If you're running tar(1) as a regular user, it will apply your umask by default. If you're running tar(1) as root, then you can give --no-same-permissions command line option to ask tar(1) to respect the umask.

So: either run this as a regular user:

umask 022
tar zxvf file.tar.gz

or run this as root:

umask 022
tar zxvf file.tar.gz --no-same-permissions

You might want to stick umask 022 into your ~/.bashrc, ~/.bash_profile, or ~/.profile. (See bash(1) manpage for full details on the start up files.
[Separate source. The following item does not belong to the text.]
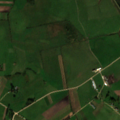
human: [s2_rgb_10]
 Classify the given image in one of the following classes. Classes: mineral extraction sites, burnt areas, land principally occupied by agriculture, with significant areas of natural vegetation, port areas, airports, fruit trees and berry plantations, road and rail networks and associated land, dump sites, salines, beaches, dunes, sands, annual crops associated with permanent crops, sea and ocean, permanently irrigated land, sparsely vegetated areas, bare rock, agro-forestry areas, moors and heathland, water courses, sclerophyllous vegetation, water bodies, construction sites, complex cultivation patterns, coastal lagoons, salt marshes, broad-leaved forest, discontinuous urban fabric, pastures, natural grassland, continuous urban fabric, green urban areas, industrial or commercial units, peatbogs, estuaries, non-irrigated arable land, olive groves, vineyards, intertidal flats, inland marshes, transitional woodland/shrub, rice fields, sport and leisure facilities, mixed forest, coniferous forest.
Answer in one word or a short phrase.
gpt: non-irrigated arable land, pastures, complex cultivation patterns, water bodies
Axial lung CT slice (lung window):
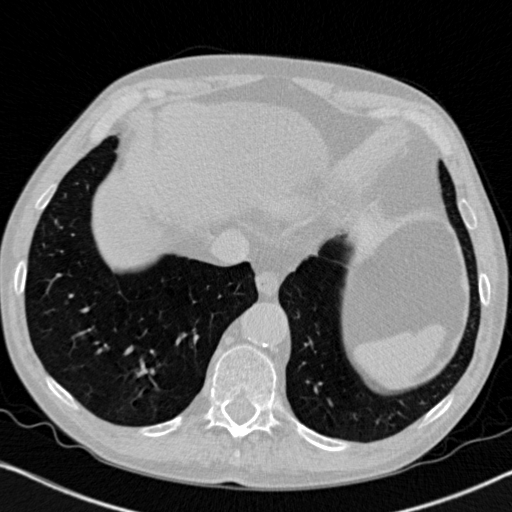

It's complicated.)

Details on umask can be found in your shell's manpage, the umask(2) system-call manpage, or the umask(1posix) POSIX-provided utility manpage (if you have the manpages-posix installed).

2
  • umask 022 tar zxvf file.tar.gz --> this asks me for confirmation for each file separately if I want to extract it
    – Kaspar Lemmo Palgi-Unt
    Jan 29, 2012 at 14:35
  • Are you over-writing existing files when doing so?
    – sarnold
    Jan 30, 2012 at 0:30
6

Run the following commands in the root of the directory to set the desired permissions for your directories and files:

find . -type d -exec chmod 755 {} \;
find . -type f -exec chmod 644 {} \;

Be aware of the space between the closing curly bracket and the back slash

4
  • find: missing argument to `-exec'
    – Kaspar Lemmo Palgi-Unt
    Jan 25, 2012 at 16:43
  • any idea why this command says to me "find: missing argument to `-exec'"? Thanks.
    – Kaspar Lemmo Palgi-Unt
    Jan 29, 2012 at 14:37
  • 1
    Add a space between the closing curly bracket and the \;
    – poussma
    Dec 16, 2014 at 8:36
  • xargs is faster
    – milahu
    Aug 14, 2023 at 14:16
5

If you use capital X in chmod you can use it to set the execute permissions only on directories. i.e.

chmod -R ugo+X .
1
  • short: chmod -R +X .
    – milahu
    Aug 14, 2023 at 14:20
2

I found this solution that worked for me. For folders and subfolders:

chmod -R 777 */

And for all files (also in folders and subfolders):

find . -type f -name "*" | xargs chmod 644

All comments welcome if this is not a good way of doing it. I just started learning Linux.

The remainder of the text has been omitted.